Above is a simplified sketch of what will (hopefully!) happen. As the ice cube starts melting, melt water is going to sink down towards the sloping bottom, stretching the water column. This induces positive relative vorticity, making the water column spin cyclonically. As the meltwater reaches the sloping bottom, it will flow downhill, further stretching the water column. This induces more positive relative vorticity still, so the water column, and with it the ice cube, will start moving back up the slope until they reach the “latitude” at which the ice cube initially started. Having moved up the slope into shallower water, the additional positive vorticity induced by the stretching as the water was flowing down the slope has now been lost again, so rather than spinning cyclonically in one spot, the trajectory is an extended cycloid.

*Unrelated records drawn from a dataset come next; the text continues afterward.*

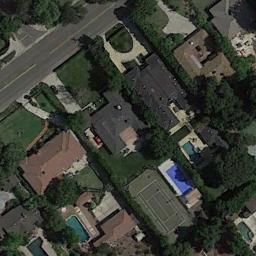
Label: tennis_court
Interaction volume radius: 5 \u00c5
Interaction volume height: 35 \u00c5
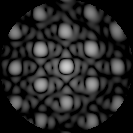
Disorder parameter: 0.1326
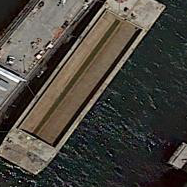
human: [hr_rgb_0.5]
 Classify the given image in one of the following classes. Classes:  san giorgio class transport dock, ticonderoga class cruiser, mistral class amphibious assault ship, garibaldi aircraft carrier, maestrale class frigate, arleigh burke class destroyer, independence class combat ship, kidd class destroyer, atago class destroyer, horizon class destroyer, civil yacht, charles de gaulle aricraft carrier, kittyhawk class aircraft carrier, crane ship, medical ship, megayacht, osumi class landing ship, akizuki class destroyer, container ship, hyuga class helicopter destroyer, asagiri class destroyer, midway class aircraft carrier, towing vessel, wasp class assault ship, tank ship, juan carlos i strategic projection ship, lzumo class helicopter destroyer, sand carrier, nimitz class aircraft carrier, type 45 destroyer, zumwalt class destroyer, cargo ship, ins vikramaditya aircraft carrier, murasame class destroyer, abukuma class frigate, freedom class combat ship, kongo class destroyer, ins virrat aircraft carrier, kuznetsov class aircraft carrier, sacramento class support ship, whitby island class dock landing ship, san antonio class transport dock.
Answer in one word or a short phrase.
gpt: Sand carrier
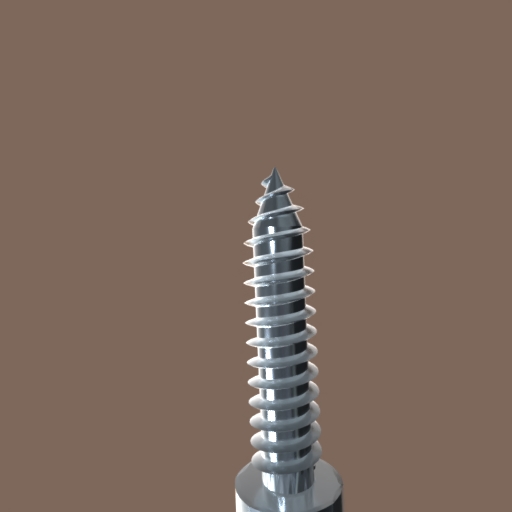
Label: screw
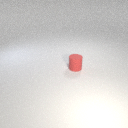
small red rubber cylinder
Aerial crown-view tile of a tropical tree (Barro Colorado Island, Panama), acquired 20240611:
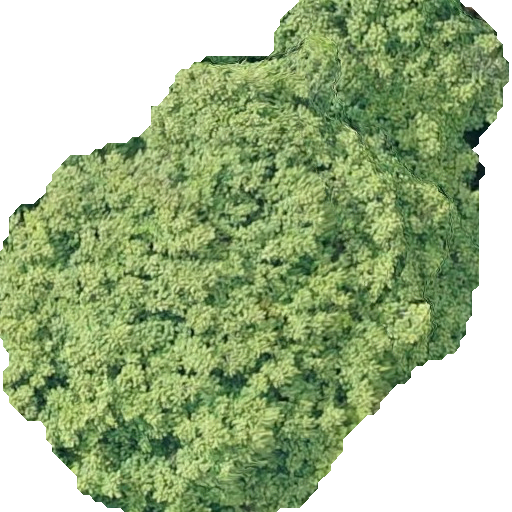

My assessment here (before having run it): I find this experiment a little more unintuitive because there are the different components of stretching contributing to the changes in relative vorticity. And from the videos I’ve seen, we don’t really get a clear column moving, but there are cyclonic eddies in the boundary layer that are shed. So I think this might be more difficult to observe and interpret. But I am excited to try!
Planetary Rossby wave on a cone (cyclical beta-plane?)
Following the Weather in a Tank instructions, we plan to also do the experiment as above but with cyclical boundary conditions, by using a cone in a cylindrical tank instead of a sloping bottom in a rectangular one.
The experiment is run in the same way as the one above (except they suggest a slightly slower rotation of 10 rpm). Physics are the same as before, except that now the transfer to reality should be a little easier, since we now have Rossby waves that can really run all the way around the pole. Also the experiment can be run for a longer time, since we don’t run into a boundary in the west if we are moving around and around the pole.
Ice cube and its trajectory (in red) on a cone in a rotating tank. Note: This sketch does not include the melt water column!
My assessment before actually having run the experiment: This shouldn’t be any more difficult to run, observe or interpret than the one above (at least once we’ve gotten our hands on a cone). Definitely want to try this!